Index(['ali', 'anthony', 'bill', 'bo', 'dave', 'hasan', 'jim', 'joe', 'john',
       'louis', 'mike', 'ricky'],
      dtype='object')

In [25]:
# Pickle it for later use
import pickle
pickle.dump(cv, open("cv_stop.pkl", "wb"))
data_stop.to_pickle("dtm_stop.pkl")

In [26]:
# Let's make some word clouds!
# Terminal / Anaconda Prompt: conda install -c conda-forge wordcloud
from wordcloud import WordCloud

wc = WordCloud(stopwords=stop_words, background_color="white", colormap="Dark2",
               max_font_size=150, random_state=42)

In [27]:
wc

<wordcloud.wordcloud.WordCloud at 0x215f11bed60>

### Findings

* Ali Wong says the s-word a lot and talks about her husband. I guess that's funny to me.
* A lot of people use the F-word. Let's dig into that later.

## Number of Words

### Analysis

In [None]:
# Find the number of unique words that each comedian uses

# Identify the non-zero items in the document-term matrix, meaning that the word occurs at least once
unique_list = []
for comedian in data.columns:
    uniques = data[comedian].to_numpy().nonzero()[0].size
    unique_list.append(uniques)

# Create a new dataframe that contains this unique word count
data_words = pd.DataFrame(list(zip(full_names, unique_list)), columns=['comedian', 'unique_words'])
data_unique_sort = data_words.sort_values(by='unique_words')
data_unique_sort

In [None]:
# Calculate the words per minute of each comedian

# Find the total number of words that a comedian uses
total_list = []
for comedian in data.columns:
    totals = sum(data[comedian])
    total_list.append(totals)
    
# Comedy special run times from IMDB, in minutes
run_times = [60, 59, 80, 60, 67, 73, 77, 63, 62, 58, 76, 79]

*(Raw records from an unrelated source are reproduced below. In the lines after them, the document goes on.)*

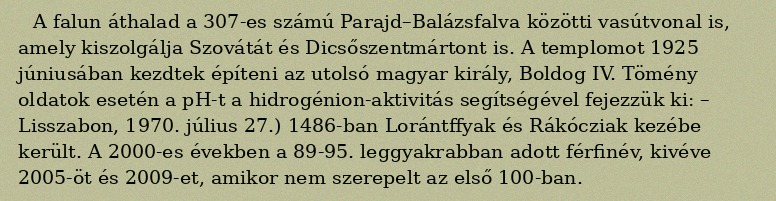
A falun áthalad a 307-es számú Parajd–Balázsfalva közötti vasútvonal is, amely kiszolgálja Szovátát és Dicsőszentmártont is. A templomot 1925 júniusában kezdtek építeni az utolsó magyar király, Boldog IV. Tömény oldatok esetén a pH-t a hidrogénion-aktivitás segítségével fejezzük ki: – Lisszabon, 1970. július 27.) 1486-ban Lorántffyak és Rákócziak kezébe került. A 2000-es években a 89-95. leggyakrabban adott férfinév, kivéve 2005-öt és 2009-et, amikor nem szerepelt az első 100-ban.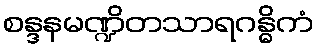
စန္ဒနမဏ္ဍိတသာရဂန္ဓိကံ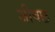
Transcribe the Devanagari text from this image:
जीवछ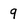
Character: 9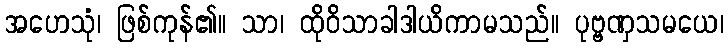
အဟေသုံ၊ ဖြစ်ကုန်၏။ သာ၊ ထိုဝိသာခါဒါယိကာမသည်။ ပုဗ္ဗဏှသမယေ၊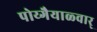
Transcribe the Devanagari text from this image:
पोय्गैयाळ्वार्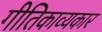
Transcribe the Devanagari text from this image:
गीतिकाव्यकार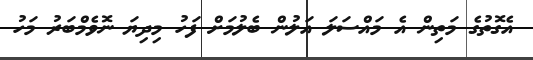
އެގޮތުގެ މަތިން އެ މައްސަލަ އަލުން ބެލުމަށް ފަހު މިދިޔަ ނޮވެމްބަރު މަހު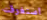
استغرقت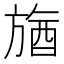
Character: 𣄉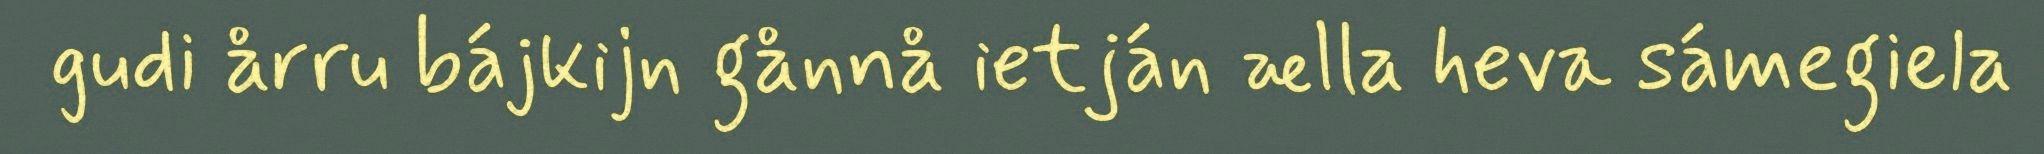
gudi årru bájkijn gånnå ietján ælla heva sámegiela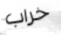
خراب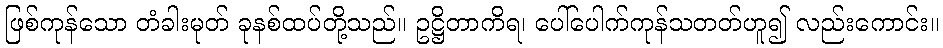
ဖြစ်ကုန်သော တံခါးမုတ် ခုနစ်ထပ်တို့သည်။ ဥဋ္ဌိတာကိရ၊ ပေါ်ပေါက်ကုန်သတတ်ဟူ၍ လည်းကောင်း။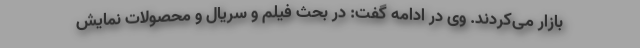
بازار می‌کردند. وی در ادامه گفت: در بحث فیلم و سریال و محصولات نمایش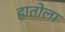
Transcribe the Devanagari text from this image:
हातोला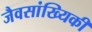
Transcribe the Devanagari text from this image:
जैवसांख्यिकी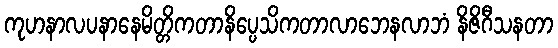
ကုဟနာလပနာနေမိတ္တိကတာနိပ္ပေသိကတာလာဘေနလာဘံ နိဇိဂီသနတာ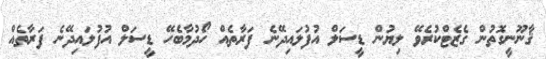
ޤާނޫނީގޮތުން ގެޒެޓްކުރެވޭ ލިޔުން ޑީސަލް އުފުލައިދޭނެ ފަރާތެއް ހޯދުމާބެހޭ ޑީސަލް އުފުލައިދޭނެ ފަރާތެއް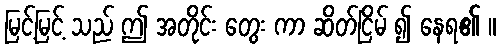
မြင့်မြင့် သည် ဤ အတိုင်း တွေး ကာ ဆိတ်ငြိမ် ၍ နေရ၏ ။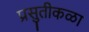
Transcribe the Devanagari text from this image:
प्रसुतीकळा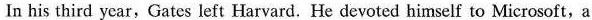
In his third year,Gates left Harvard. He devoted himself to Microsoft, a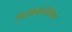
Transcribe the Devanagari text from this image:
फिज़ियोथेरेपिस्ट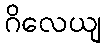
ဂိလေယျ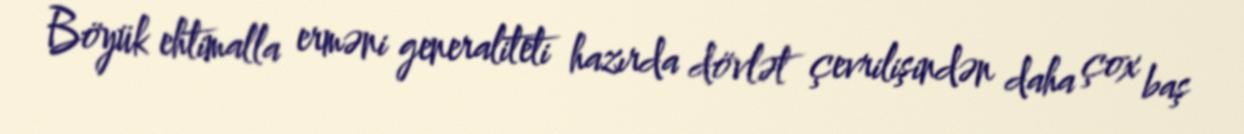
Böyük ehtimalla erməni generaliteti hazırda dövlət çevrilişindən daha çox baş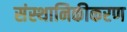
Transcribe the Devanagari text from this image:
संस्थानिकीकरण

# Let's add some columns to our dataframe
data_words['total_words'] = total_list
data_words['run_times'] = run_times
data_words['words_per_minute'] = data_words['total_words'] / data_words['run_times']

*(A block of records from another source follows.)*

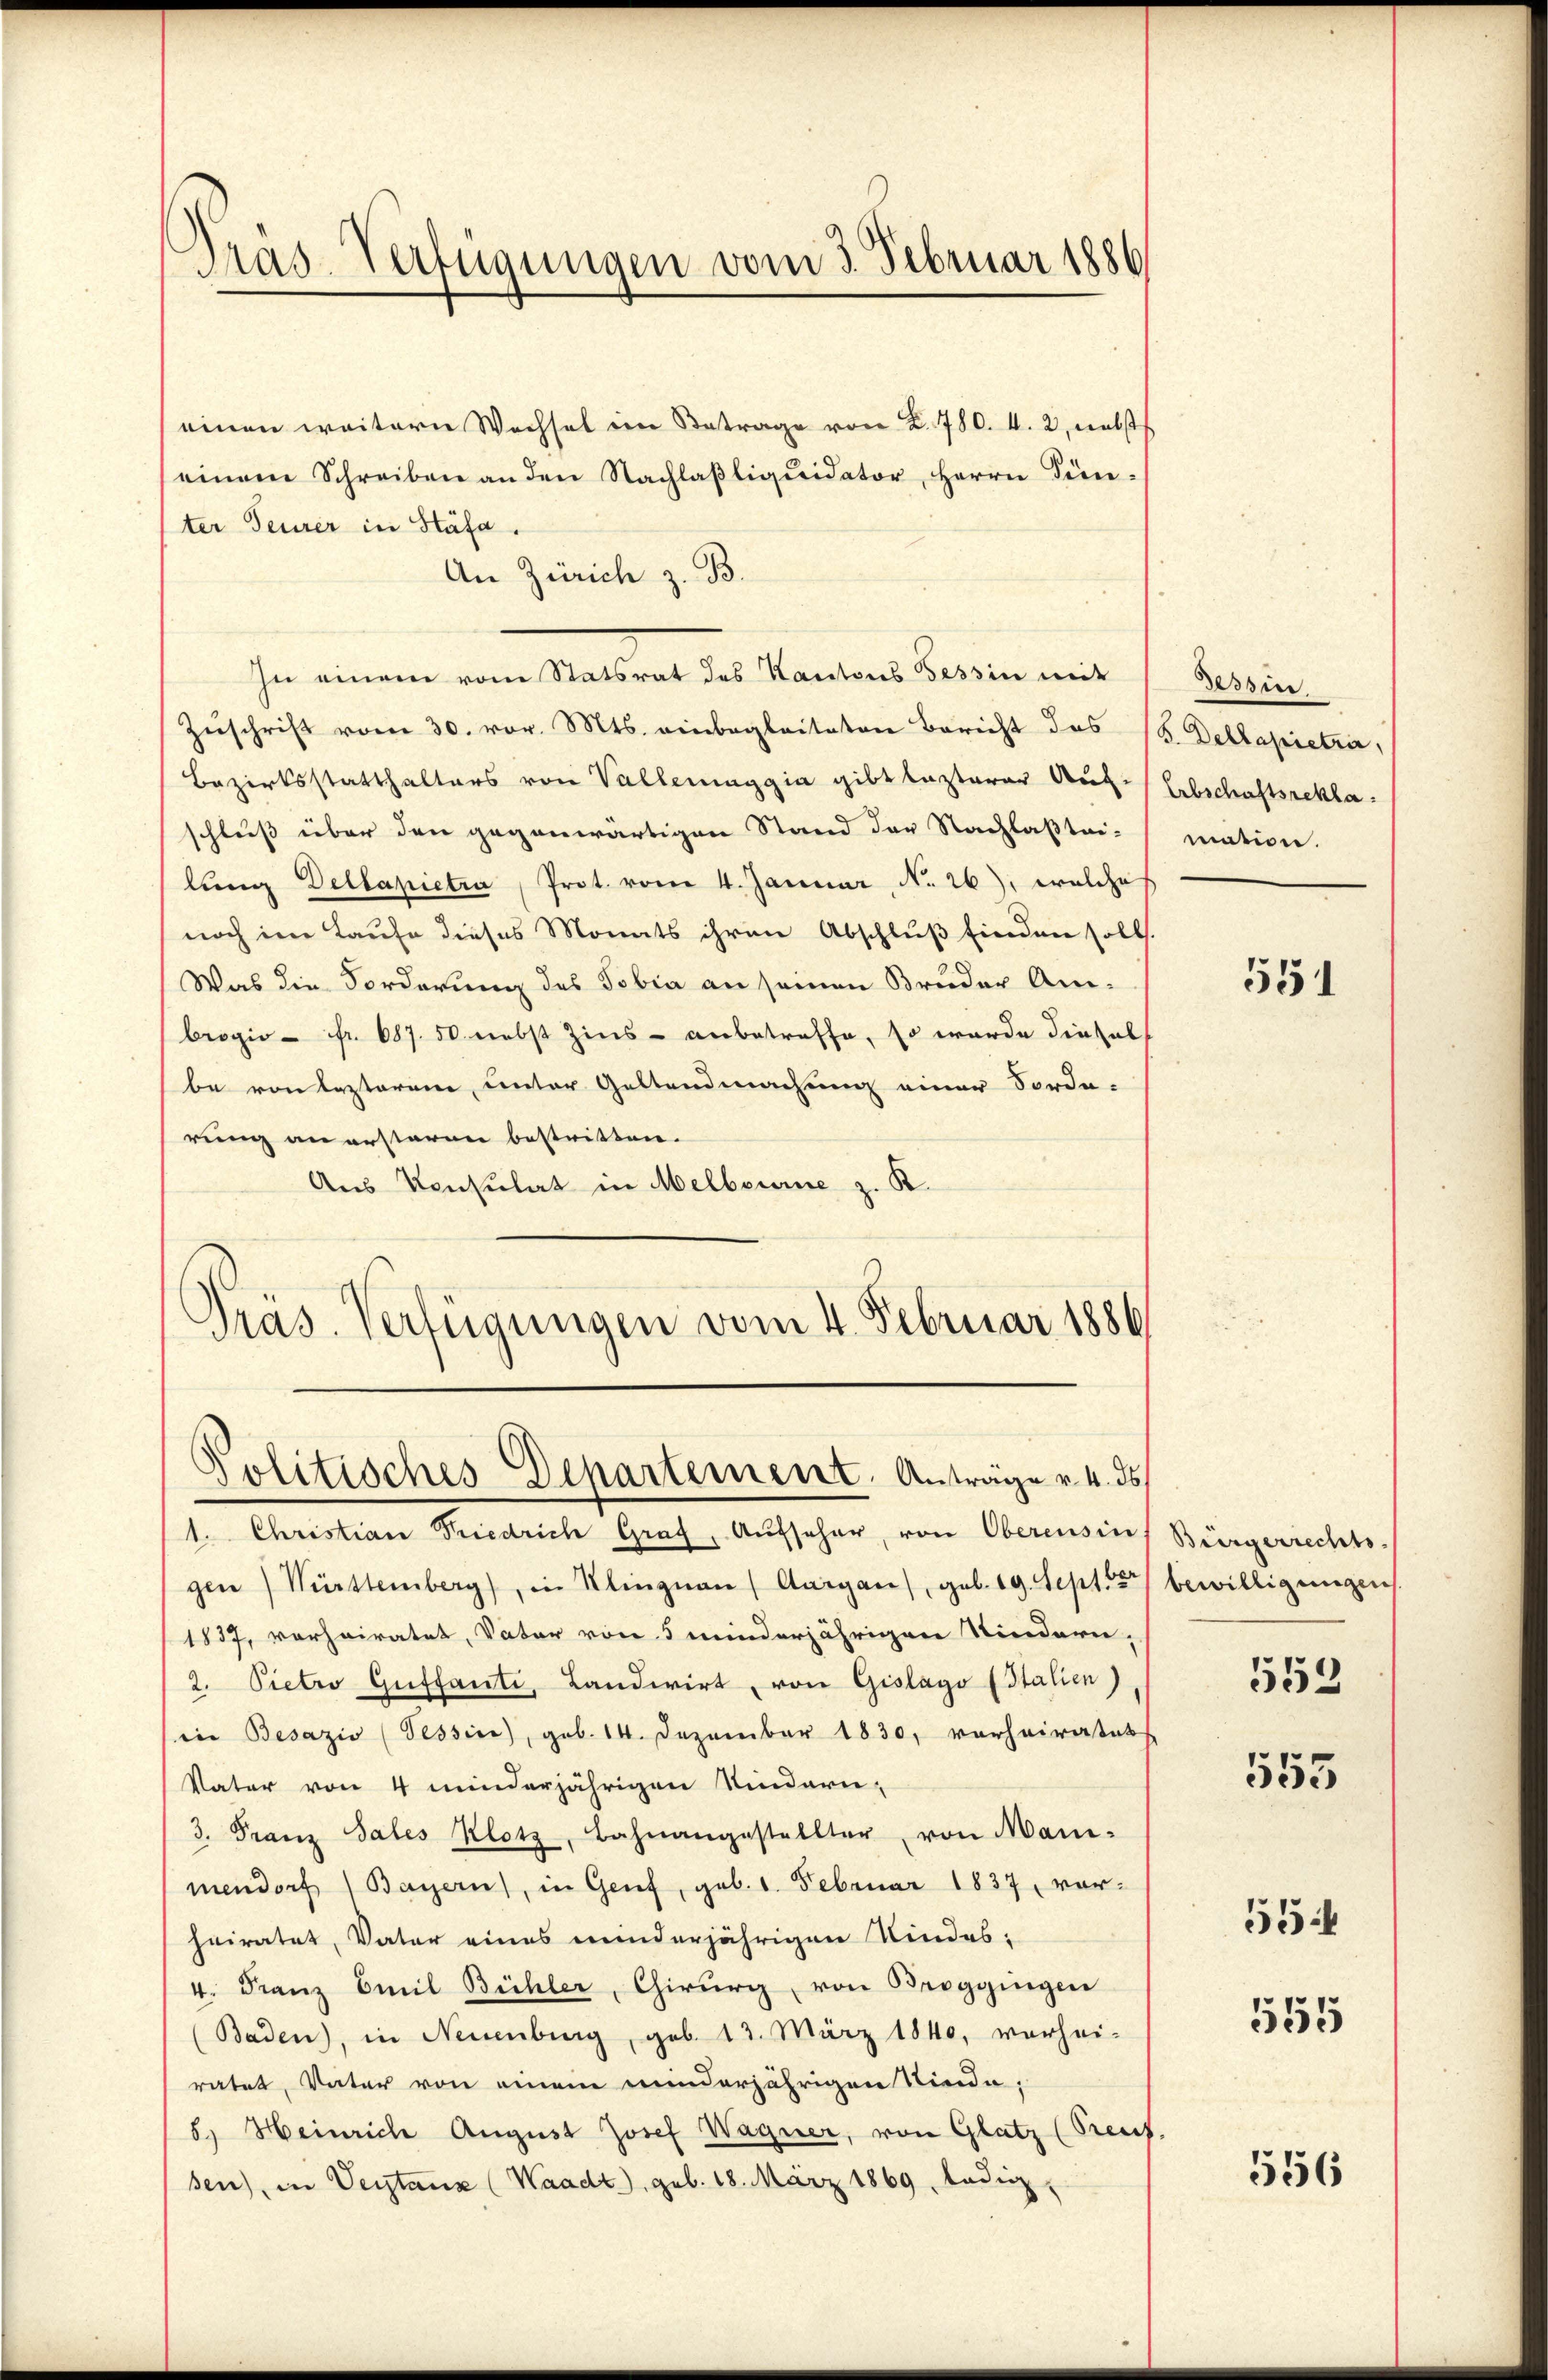
Präs-Verfügungen vom 3. Februar 1886

einen weitern Wechsel im Betrage von Z. 780. 4. 2, nebste
einem Schreiben an den Nachlaβliquidator Herrn Fün-
ter Feurer in Stäfa.
An Zürich z. B.
In einem vom Statsrat des Kantons Tessin mit
Zuschrift vom 30. vor. Mts. einbegleiteten Bericht das 18. Deklapietrie,
Bezirksstatthalters von Vallemaggia gibt lezterer Auf-Erbschaftsreklaschluß über den gegenwärtigen Stand der Nachlaßtei-mation.
lŭng Dellapietra Prot. vom 4. Januar, No. 26), welche
noch im Laufe dieses Monats ihren Abschluß finden soll.
Was die Forderung des Tobia an seinen Bruder An-
brogie fr. 687. 50. nebst Zins - anbetreffe, so wurde diesel
be von lezterem unter Geltendmachung einer Forde-
rung an ersteren bestritten.
Aus Konsulat in Melbourne z. R.
Präs. Verfügungen vom 4. Februar 1886

Politisches Departement. Anträge v. 4. ds.

1. Christian Friedrich Graf, Aufseher, von Oberensins Bürgerrechts-
gen) Württemberg), in Klingnau, Aargau, geb. 19. Sept. 1 bewilligungen
1857, verheiratet, Vater von 5 minderjährigen Kindern,
2. Pietro Gustanti, Landwirt, von Gislago (Italien)
in Besazio (Tessire), geb. 14. Dezember 1830. vorheiratet
Vater von 4 minderjährigen Kindern-
3. Franz Sales Klotz, Bahnangestellter von Mani-
mendorf) Bayern), in Genf, geb. 1. Februar 1837 vor-
heiratet, Vater eines minderjährigen Kindes-
4. Franz Emil Bühler, Chirurg, von Broggingen
(Baden, in Neuenburg, geb. 13. März 1840, vorhei-
ratet, Vater von einem minderjährigen Niede
8.) Heinrich August Josef Wagner, von Glatz (reut.
sen), in Verstanz (Waadt, geb. 18. März 1869, ledig,

Tessin

551

553
555

554

555

556

# Sort the dataframe by words per minute to see who talks the slowest and fastest
data_wpm_sort = data_words.sort_values(by='words_per_minute')
data_wpm_sort

In [None]:
# Let's plot our findings
import numpy as np

y_pos = np.arange(len(data_words))

plt.subplot(1, 2, 1)
plt.barh(y_pos, data_unique_sort.unique_words, align='center')
plt.yticks(y_pos, data_unique_sort.comedian)
plt.title('Number of Unique Words', fontsize=20)

plt.subplot(1, 2, 2)
plt.barh(y_pos, data_wpm_sort.words_per_minute, align='center')
plt.yticks(y_pos, data_wpm_sort.comedian)
plt.title('Number of Words Per Minute', fontsize=20)

plt.tight_layout()
plt.show()

### Findings

* **Vocabulary**
   * Ricky Gervais (British comedy) and Bill Burr (podcast host) use a lot of words in their comedy
   * Louis C.K. (self-depricating comedy) and Anthony Jeselnik (dark humor) have a smaller vocabulary


* **Talking Speed**
   * Joe Rogan (blue comedy) and Bill Burr (podcast host) talk fast
   * Bo Burnham (musical comedy) and Anthony Jeselnik (dark humor) talk slow
   
Ali Wong is somewhere in the middle in both cases. Nothing too interesting here.

## Side Note

What was our goal for the EDA portion of our journey? **To be able to take an initial look at our data and see if the results of some basic analysis made sense.**

My conclusion - yes, it does, for a first pass. There are definitely some things that could be better cleaned up, such as adding more stop words or including bi-grams. But we can save that for another day. The results, especially the profanity findings, are interesting and make general sense, so we're going to move on.

As a reminder, the data science process is an interative one. It's better to see some non-perfect but acceptable results to help you quickly decide whether your project is a dud or not, instead of having analysis paralysis and never delivering anything.

**Alice's data science (and life) motto: Let go of perfectionism!**

## Additional Exercises

1. What other word counts do you think would be interesting to compare instead of the f-word and s-word? Create a scatter plot comparing them.